If you want to raise the spawn you could just pull out the rock and hatch them in a 10g tank.

Depending on the tank mates and how much cover there is in your tank you could leave the eggs and see how the pair do on their own. If the eggs, wigglers or fry get eaten you could set a tank up for the pair for the next spawn. 

Either way good luck with them.


----------



## Aqualung (Oct 29, 2011)

My kribs recently hatched some eggs I didnt see and they are great parents. they are in a community tank and both the male and female guard the fry. Yes not all the fry made it this way but I do have 6 great looking free swimers that go on outings around the tank with mom  If it were up to me I'd let the pair raise them and see how they do, they will spawn again and if they didnt do well the first time you can try raising them on your own. 

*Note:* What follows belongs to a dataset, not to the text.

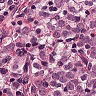
Metastatic tissue present: yes
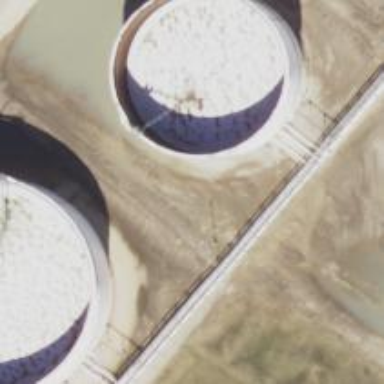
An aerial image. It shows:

Normally Kribs spawn in caves or overhangs because the female likes to lay her eggs on upside down on the underneath of something, making them hard to detect as was my case.


----------



## nightowl1350 (Mar 19, 2006)

Don't get me wrong there is nothing like watching a pair with their fry. Mine had no other fish in their tank, but still kept the brood in check and would make them freeze on the bottom of the tank when I walked in the room. It was great fun to watch as the fry got older and a few brave souls would dart off from the pack and Mom would track them down, suck them up and spit them back in place.

I got kribs as they do parent raise well and I never had angel pairs that would do that for me and I enjoy watching them. I only say if you really want to raise a spawn you can pull the eggs not wait till they are wigglers or free swimmers. If it is a young pair just let them try it a few times. If you have plants and places they can protect them let them try.


----------